How Does Policy Loan Interest Work?

What do you do when you want to use money from your cash value account? There are several ways to access your cash, the most advantageous of which is usually the policy loan. Let’s review why you might want to take a policy loan, how policy loan interest works, and what to expect. 

The Power of a Policy Loan

Yes, one of the most potent ways you can access your cash value is through a loan. The reason it’s so advantageous is that a policy loan allows you to leverage your account in order to use other people’s money  (OPM). In this case, you’re using the life insurance company’s money. And because you have cash value to back it up, the insurance company is more than happy to lend you money at any time, for any reason (up to the amount in your account). 

There are many reasons this is valuable for you. The first of which is that if you need a large sum of money for something—say a good business opportunity arises—you don’t have to convince the bank to lend you the money. If you have the cash value, you can simply fund it with the insurance company’s money. And if that opportunity provides cash flow, you can use that to pay back the loan. 

The second reason this is so powerful is because while the insurance company’s money is hard at work, so is your cash value. Because you’re not withdrawing money, your account balance stays intact. If you have $100k and you borrow against your cash value for $50k, you’ve still got $100k in your account. That means that you still earn interest and dividends on the full value of your cash, rather than a reduced number as you would if you withdrew money. You’ll earn a greater volume of interest this way, so the pool of money you have to leverage just gets better and better. 

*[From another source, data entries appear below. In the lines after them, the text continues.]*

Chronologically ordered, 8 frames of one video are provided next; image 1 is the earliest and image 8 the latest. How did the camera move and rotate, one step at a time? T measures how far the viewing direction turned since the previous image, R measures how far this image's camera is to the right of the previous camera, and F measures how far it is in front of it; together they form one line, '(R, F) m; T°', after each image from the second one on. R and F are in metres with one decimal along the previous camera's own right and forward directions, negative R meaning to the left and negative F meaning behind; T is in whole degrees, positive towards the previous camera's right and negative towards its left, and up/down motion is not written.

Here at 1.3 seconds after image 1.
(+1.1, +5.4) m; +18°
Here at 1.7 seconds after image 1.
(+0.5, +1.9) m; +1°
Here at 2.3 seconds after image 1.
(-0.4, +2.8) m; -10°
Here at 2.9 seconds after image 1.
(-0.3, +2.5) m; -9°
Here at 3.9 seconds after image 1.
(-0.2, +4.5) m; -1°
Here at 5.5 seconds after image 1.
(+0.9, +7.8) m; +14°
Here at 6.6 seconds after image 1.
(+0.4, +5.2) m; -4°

Another value of the policy loan (although there are certainly many more) is that you can create your own amortization schedule. While a bank loan may require you to make specific monthly payments, you can choose how you repay policy loans. You can make interest-only payments for a few years, then pay the whole thing in a lump sum the next year. Or, you can pay annually for a few years, then switch to monthly. You can even vary your payments from month to month. This gives you a lot of flexibility, which is unheard of in typical banking. 

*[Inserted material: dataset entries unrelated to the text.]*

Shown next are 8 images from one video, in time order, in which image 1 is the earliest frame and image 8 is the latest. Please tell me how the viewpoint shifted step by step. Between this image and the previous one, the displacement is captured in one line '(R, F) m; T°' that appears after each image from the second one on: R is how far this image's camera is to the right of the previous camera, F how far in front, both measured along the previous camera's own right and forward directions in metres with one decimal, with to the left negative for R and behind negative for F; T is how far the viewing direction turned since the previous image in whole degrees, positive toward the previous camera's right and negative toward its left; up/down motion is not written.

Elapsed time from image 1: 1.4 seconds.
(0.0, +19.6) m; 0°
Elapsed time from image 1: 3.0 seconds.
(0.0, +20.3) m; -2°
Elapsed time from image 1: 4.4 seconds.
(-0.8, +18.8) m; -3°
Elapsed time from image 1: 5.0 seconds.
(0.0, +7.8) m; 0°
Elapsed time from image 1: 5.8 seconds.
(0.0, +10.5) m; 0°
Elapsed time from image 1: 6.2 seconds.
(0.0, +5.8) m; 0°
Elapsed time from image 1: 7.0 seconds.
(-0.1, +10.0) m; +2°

Want to learn more about life insurance loans? Read 7 Things You Need to Know About Life Insurance Loans.

Do Policy Loans Have Interest?

Yes, policy loans have interest. After all, they are loans. So let’s talk about why this isn’t a bad thing.

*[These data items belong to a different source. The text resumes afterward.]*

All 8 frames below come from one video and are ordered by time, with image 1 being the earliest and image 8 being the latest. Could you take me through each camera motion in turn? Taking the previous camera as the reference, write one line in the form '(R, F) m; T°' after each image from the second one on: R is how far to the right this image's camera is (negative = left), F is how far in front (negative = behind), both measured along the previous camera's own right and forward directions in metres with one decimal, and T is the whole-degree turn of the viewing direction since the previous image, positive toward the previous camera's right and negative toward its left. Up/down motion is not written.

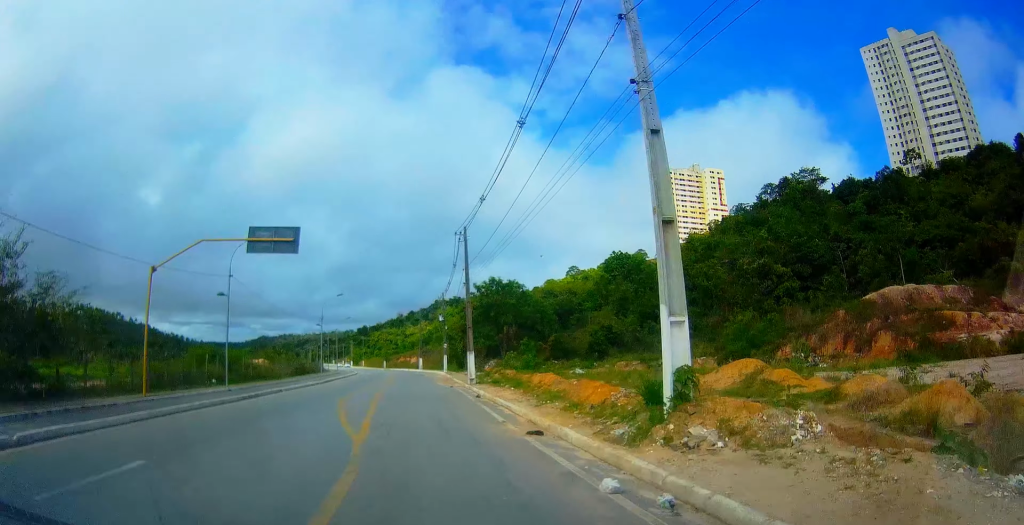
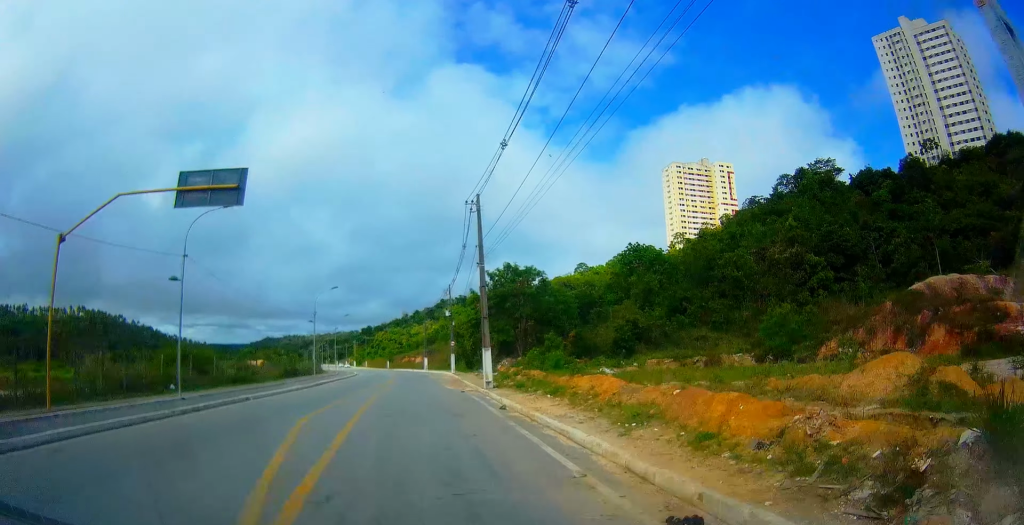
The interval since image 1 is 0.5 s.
(+0.1, +7.2) m; 0°
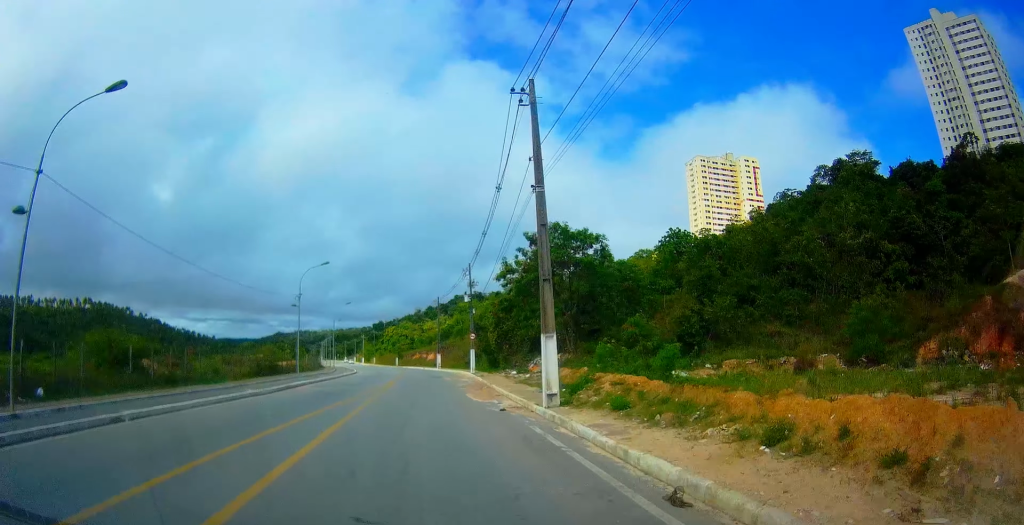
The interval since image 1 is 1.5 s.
(-0.1, +12.6) m; -2°
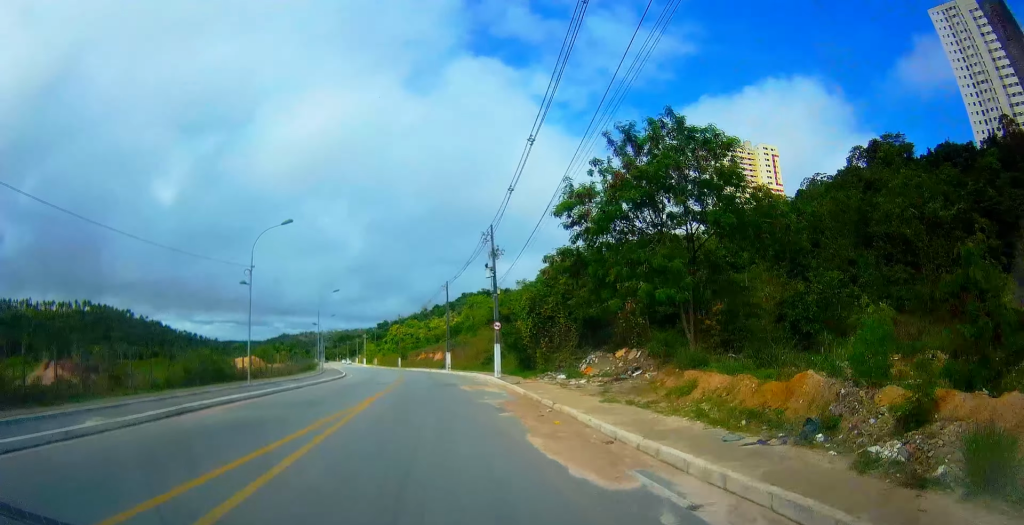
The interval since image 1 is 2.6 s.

First and foremost, your life insurance company is a business. And as a policyholder, you stand to gain a lot, so long as the business does well. This is what allows you to have a cash value account as a living benefit, as well as a death benefit that you can rely on. Insurance companies invest very conservatively in things like bonds, and when they make a profit, you see that reflected in your dividends.

And when they loan money, that’s money they’re not investing elsewhere. In order to keep the system running smoothly, that means that they charge you interest. That money is not a wash, though. The interest you pay contributes to company profits, which means by paying loans back, you’re contributing directly to the company’s profits and strength. 

Now this does NOT mean that you’re paying yourself interest. However, it does mean that you’re being a good steward of your money and supporting the system that makes your cash value so advantageous. As a customer of the insurance company, you want the insurance company to be successful. It’s in your best interest. 

How Does Policy Loan Interest Work?

Policy loan interest is charged up-front, which works out to a daily factor set by the insurance company. For example, you may have a factor of  0.074, while the actual interest rate is a fixed rate of 8%. If you pay your interest up-front, this can make it seem like you’ve got a “discount.” However, what’s really happening is you’re just paying the interest factor on a smaller volume of money. If you stretched out the math, you’d see that over the life of the loan, it doesn’t matter if you pay in advance or in arrears, you’re paying the same amount of interest. There’s no such thing as simple interest

This is the kind of thing you may see in a status report of your loan. Just remember that between the two numbers they provide, the lower number is a factor of the larger number. The insurance companies have to do this so that if you pay a loan anytime before the end of the year, they can charge you interest accordingly. In the end, any fixed-rate loan that you have will work out so that you’ve paid the rate (the higher number) by the end. You’re not receiving a discount by paying in advance. This can be a difficult topic, though, so if you’re more mathematically minded, check out this post from Truth Concepts that includes calculators. 

Shopping Your Interest Rate Options

When you take a policy loan from your company, you can either get a fixed rate or a variable rate, depending on what the company offers. These rates are declared annually, and take effect in the year that you take the loan. So for example, the current fixed rate for some companies right now is 5%, with a factor of 0.046. 

So if you took a policy loan with a fixed 5% rate, you’re locking in that rate until the loan is paid off. This can be advantageous if you expect interest rates to increase in the next few years, as insurance companies tend to set their interest rates in relation to the Federal interest rates. 

A variable interest rate, on the other hand, can go up or down, also depending on the Federal interest rate. If your insurance company doesn’t offer one, and you want one, there are outside institutions that work with policyholders to finance loans using cash value as collateral

Another option is going straight to a bank, with or without offering cash value as collateral. If you can get a better interest rate at the bank, and think you can get approved, this is a good option, too. In fact, it may even be to your advantage to start with a bank for financing. Then if things don’t go as expected, you can use a policy loan to supplement. Life insurance opens many doors, you’ve just got to get strategic.